基于RoFormer预训练模型的指针网络农业病害命名实体识别

王彤¹^,², 王春山¹^,²^,⁴, 李久熙⁵, 朱华吉¹^,³, 缪祎晟¹^,³, 吴华瑞¹^,³()

^1. 国家农业信息化工程技术研究中心，北京 100097，中国
^2. 河北农业大学信息科学与技术学院，河北保定 071001，中国
^3. 农业农村部农业信息化技术重点实验室，北京 100097，中国
^4. 河北省农业大数据重点实验室，河北保定 071001，中国
^5. 河北农业大学机电工程学院，河北保定 071001，中国

收稿日期:2023-11-13 出版日期:2024-03-30
基金项目:
国家现代农业产业技术体系(CARS-23-D07); 国家自然科学基金项目(62106065); 河北省自然科学基金项目(F2022204004)
作者简介:
王彤，研究方向为农业信息化技术。E-mail：tongtongwang231@163.com
通信作者:
吴华瑞，博士，研究员，研究方向为农业智能系统、农业大数据智能服务等。
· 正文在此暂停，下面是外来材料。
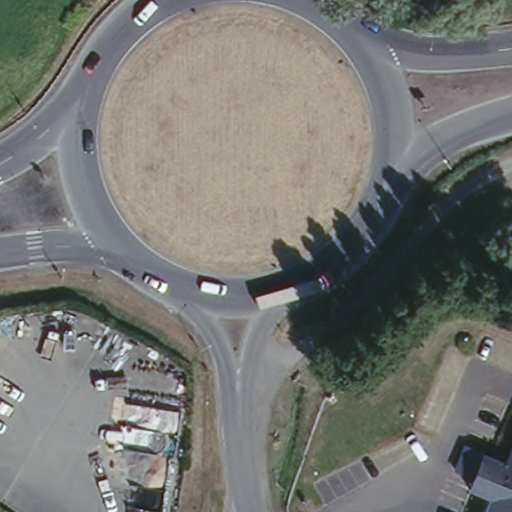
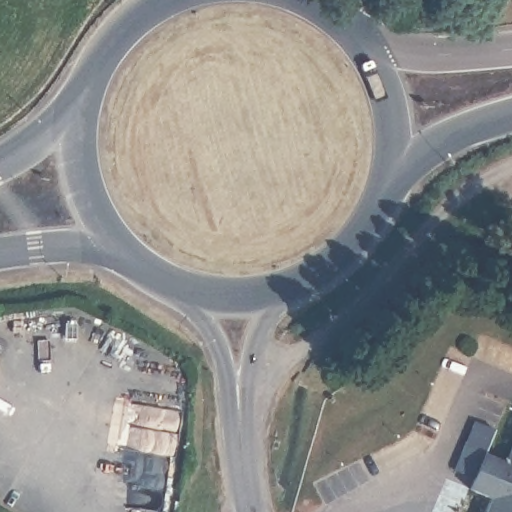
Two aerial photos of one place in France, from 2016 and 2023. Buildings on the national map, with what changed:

E-mail：wuhr@nercita.org.cn

Agricultural Disease Named Entity Recognition with Pointer Network Based on RoFormer Pre-trained Model

WANG Tong¹^,², WANG Chunshan¹^,²^,⁴, LI Jiuxi⁵, ZHU Huaji¹^,³, MIAO Yisheng¹^,³, WU Huarui¹^,³()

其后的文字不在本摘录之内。